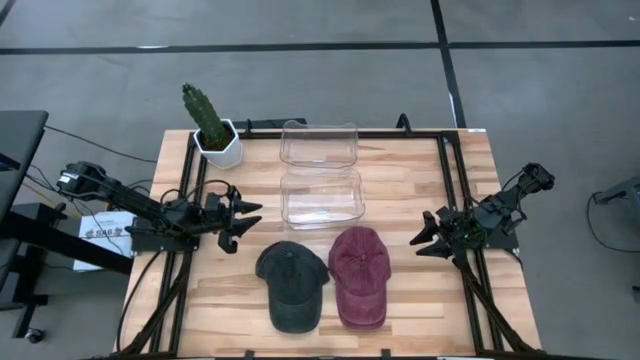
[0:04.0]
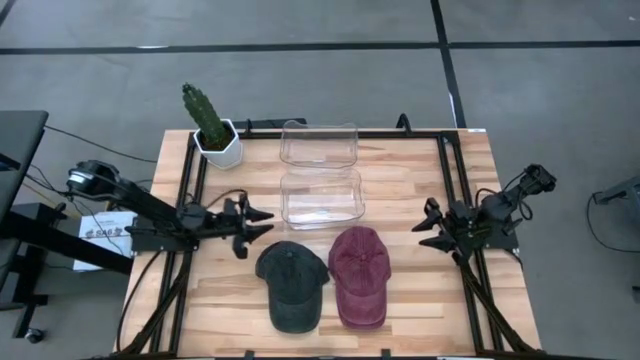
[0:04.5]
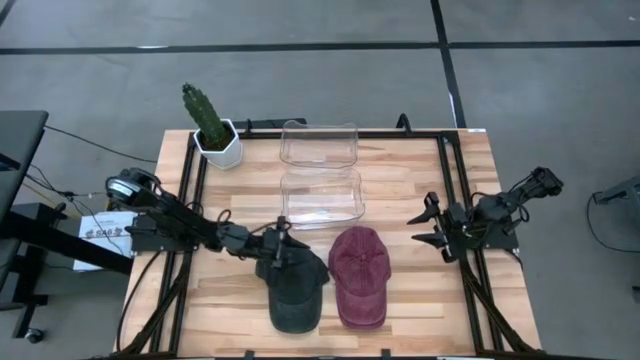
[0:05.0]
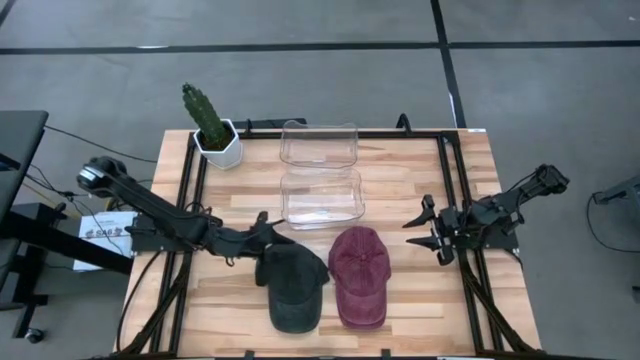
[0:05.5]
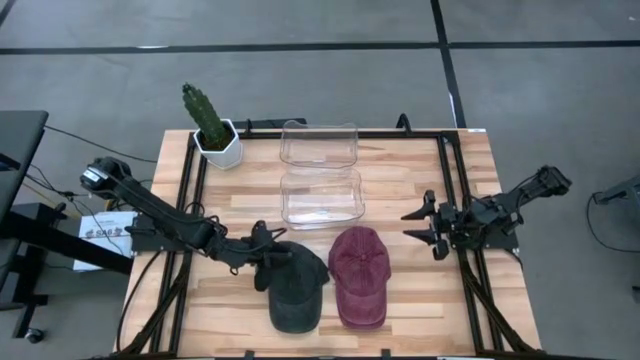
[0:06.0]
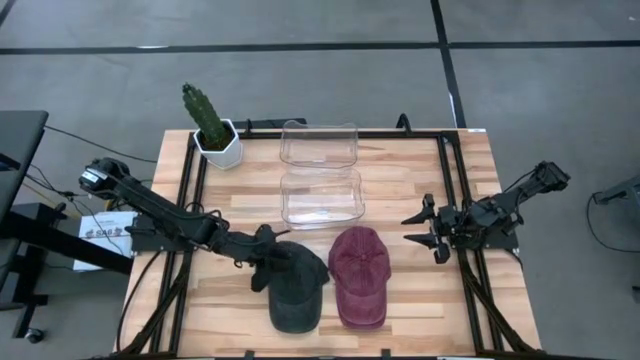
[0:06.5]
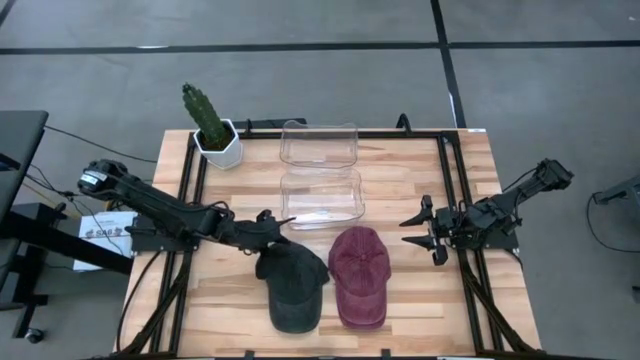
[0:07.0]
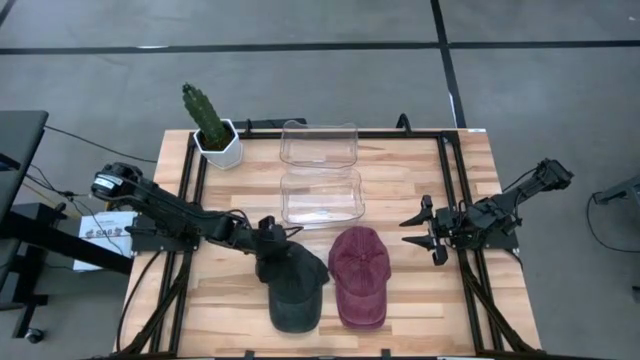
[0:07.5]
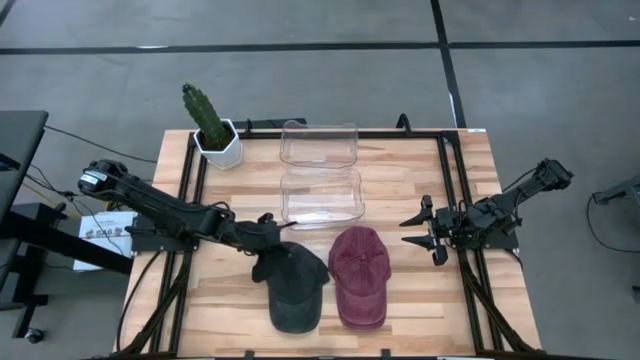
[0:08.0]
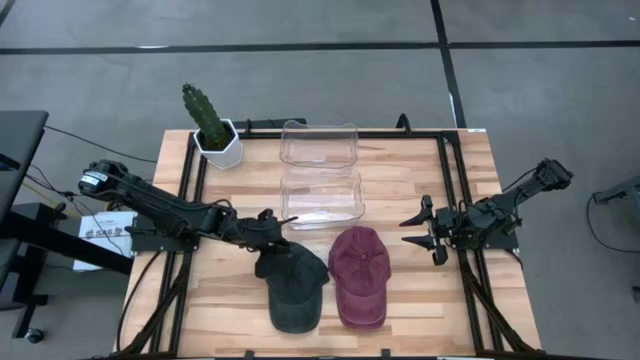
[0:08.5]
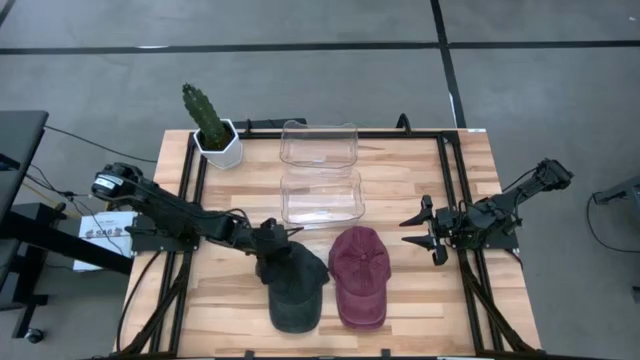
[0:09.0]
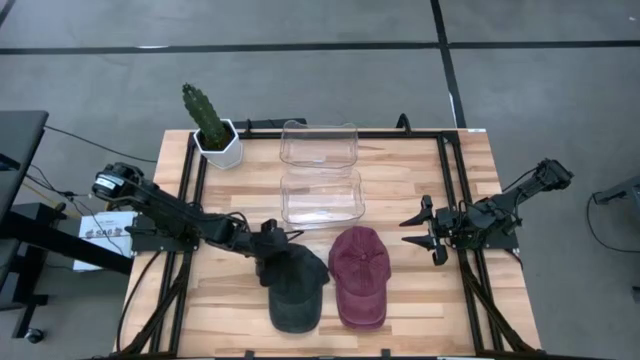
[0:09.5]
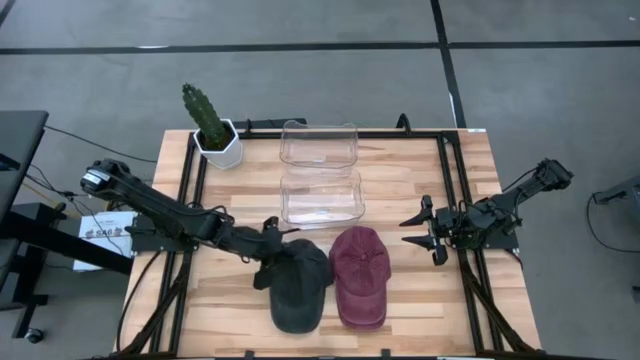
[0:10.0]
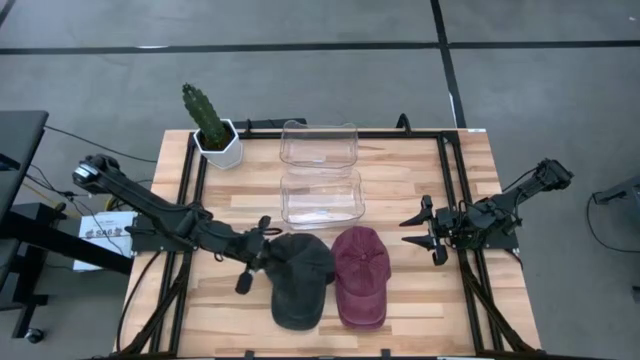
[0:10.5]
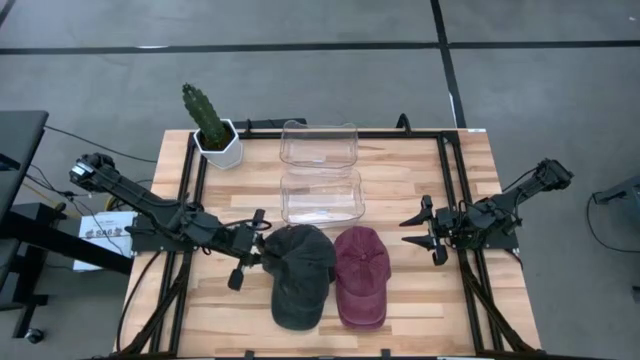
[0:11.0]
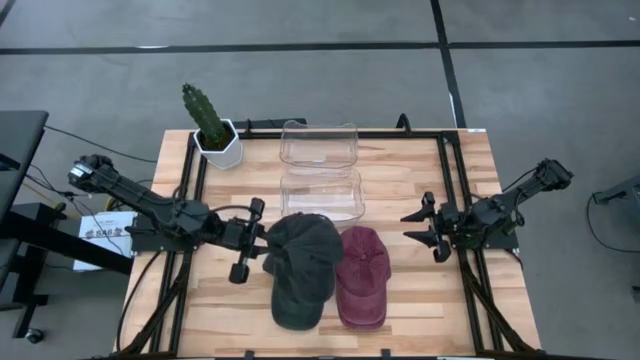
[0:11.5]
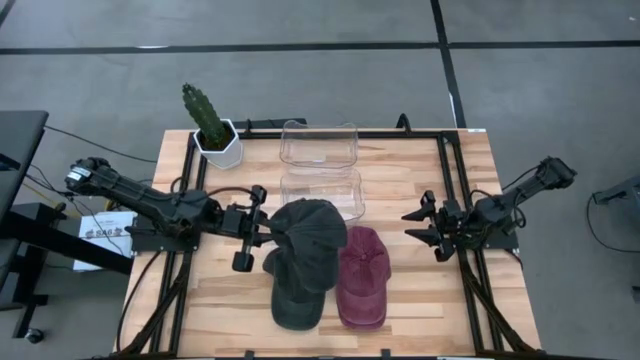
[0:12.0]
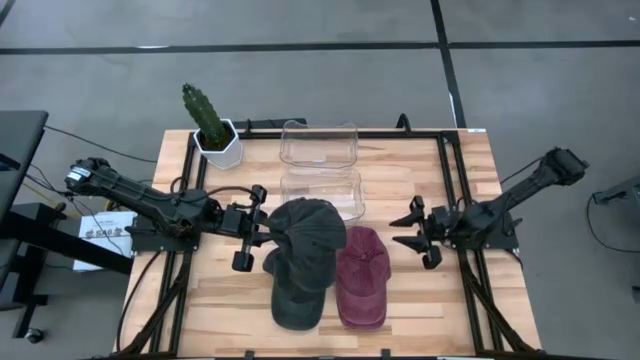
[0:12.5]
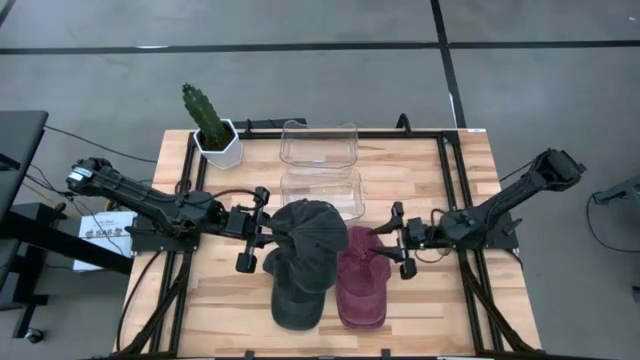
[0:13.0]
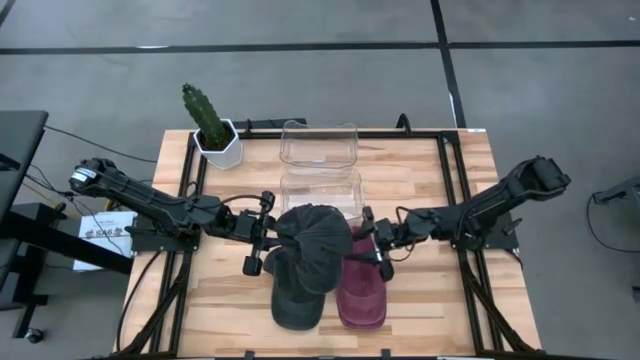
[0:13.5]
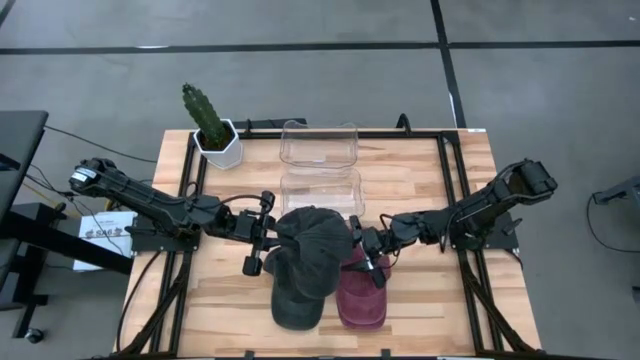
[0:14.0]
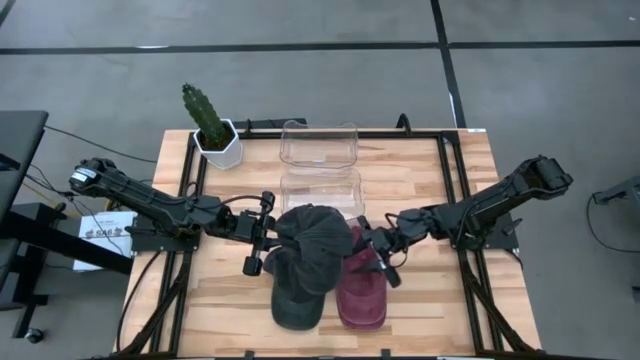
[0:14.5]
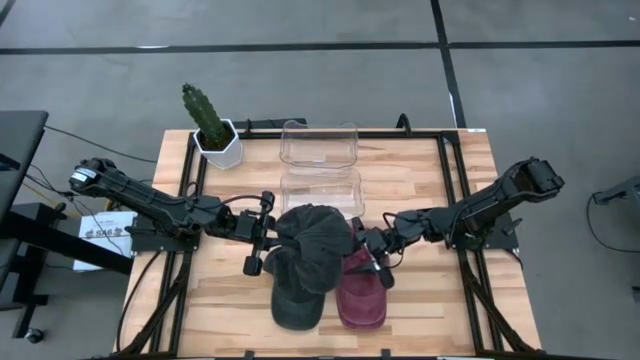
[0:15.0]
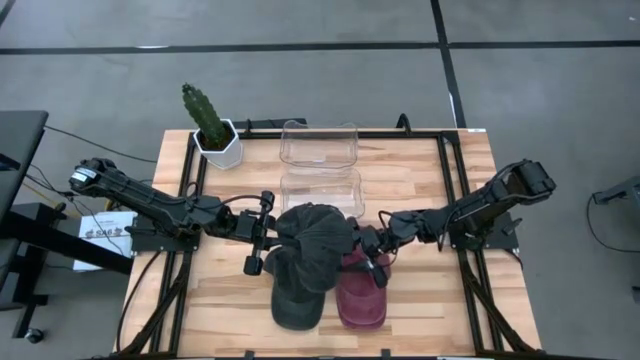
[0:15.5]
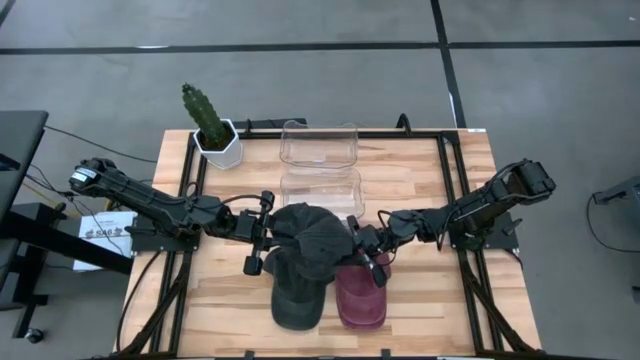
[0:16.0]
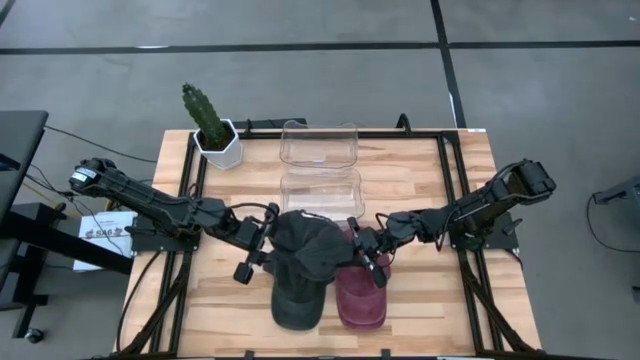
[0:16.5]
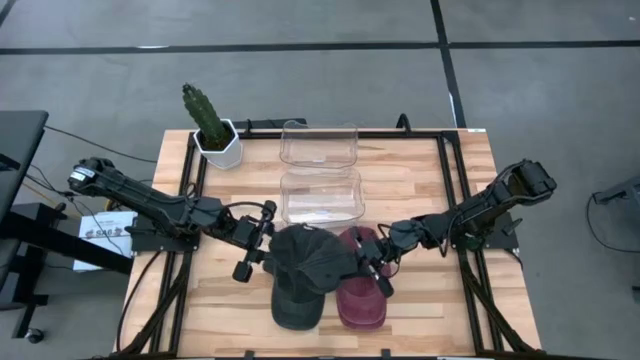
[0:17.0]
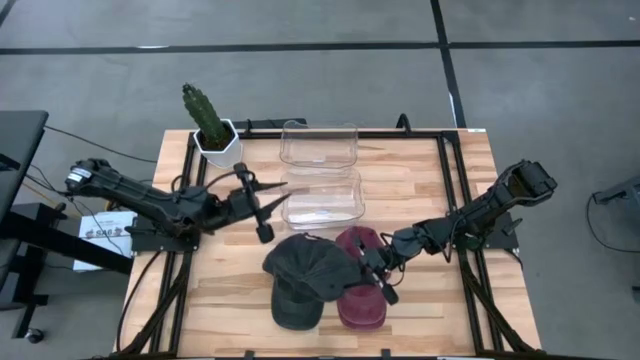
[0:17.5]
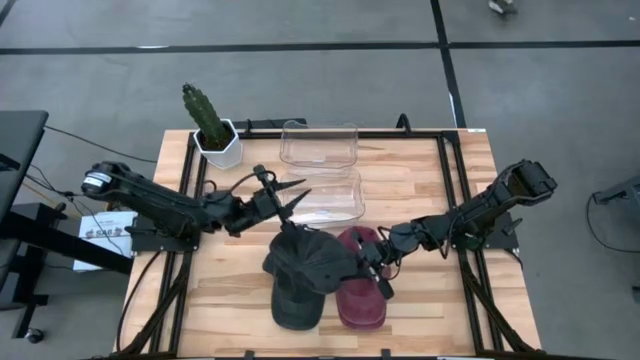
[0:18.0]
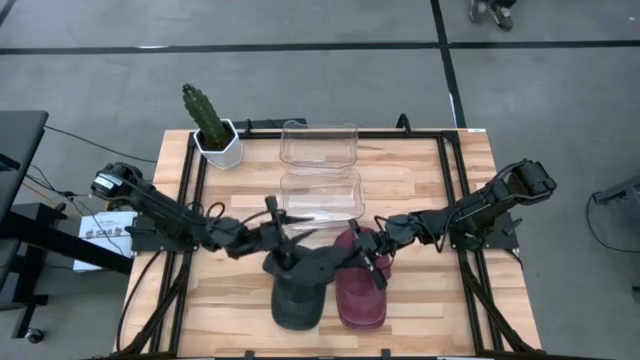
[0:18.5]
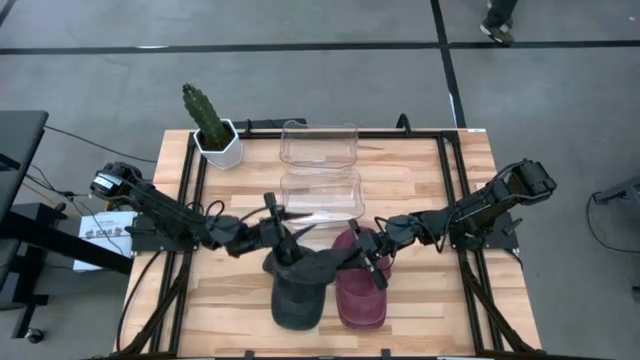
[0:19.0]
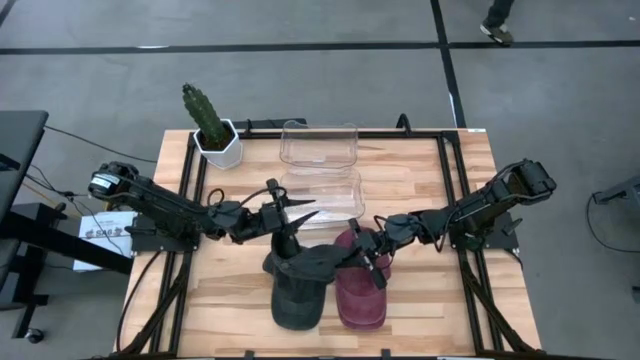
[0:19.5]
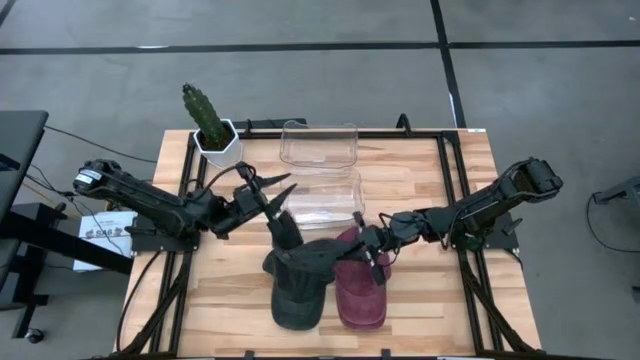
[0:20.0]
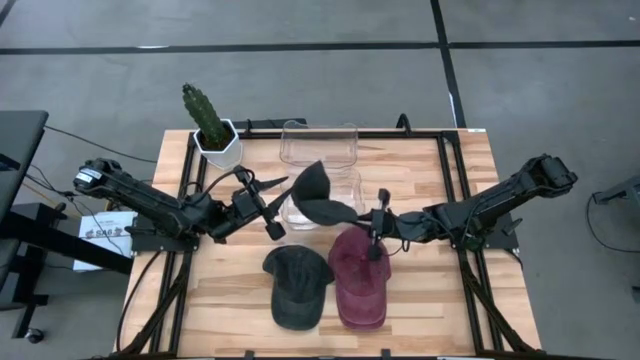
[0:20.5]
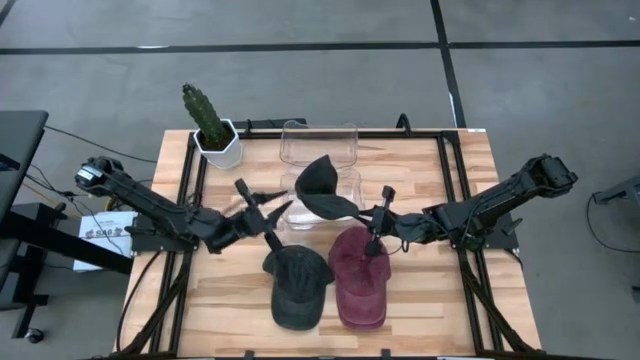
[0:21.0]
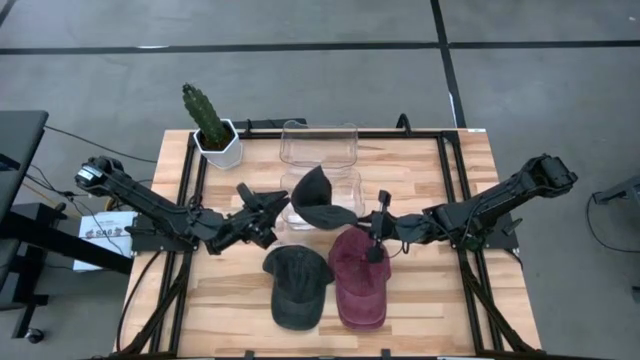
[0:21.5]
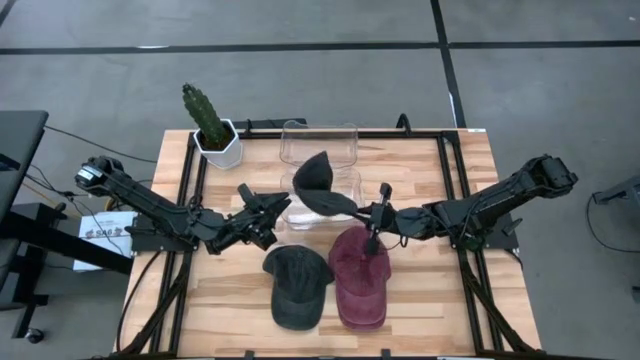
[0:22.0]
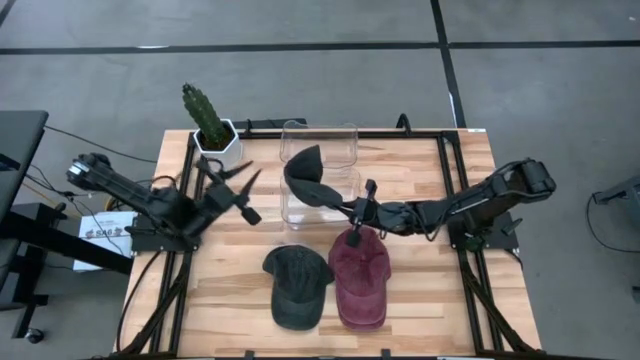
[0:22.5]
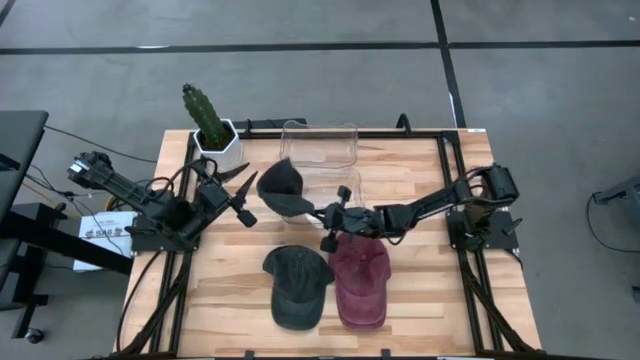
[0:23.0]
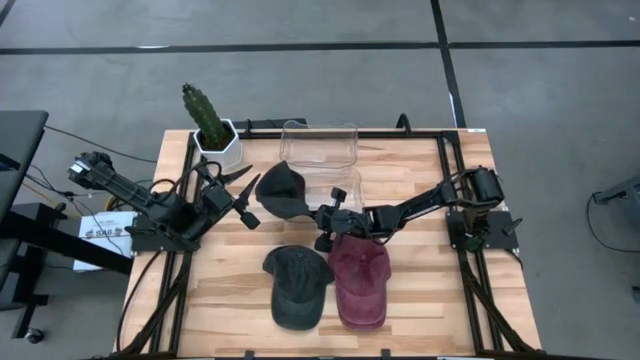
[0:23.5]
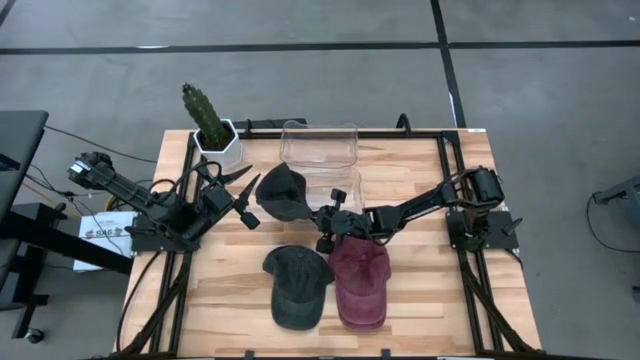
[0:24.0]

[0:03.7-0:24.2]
Task: Pick & Place hat
Put the top black cap into the bottom transparent bin
☆ ☆ ☆
### Activity
Output the listing above exactly, pictures omitted.

### Result
[0:04.0]
[0:04.5]
[0:05.0]
[0:05.5]
[0:06.0]
[0:06.5]
[0:07.0]
[0:07.5]
[0:08.0]
[0:08.5]
[0:09.0]
[0:09.5]
[0:10.0]
[0:10.5]
[0:11.0]
[0:11.5]
[0:12.0]
[0:12.5]
[0:13.0]
[0:13.5]
[0:14.0]
[0:14.5]
[0:15.0]
[0:15.5]
[0:16.0]
[0:16.5]
[0:17.0]
[0:17.5]
[0:18.0]
[0:18.5]
[0:19.0]
[0:19.5]
[0:20.0]
[0:20.5]
[0:21.0]
[0:21.5]
[0:22.0]
[0:22.5]
[0:23.0]
[0:23.5]
[0:24.0]

[0:03.7-0:24.2]
Task: Pick & Place hat
Put the top black cap into the bottom transparent bin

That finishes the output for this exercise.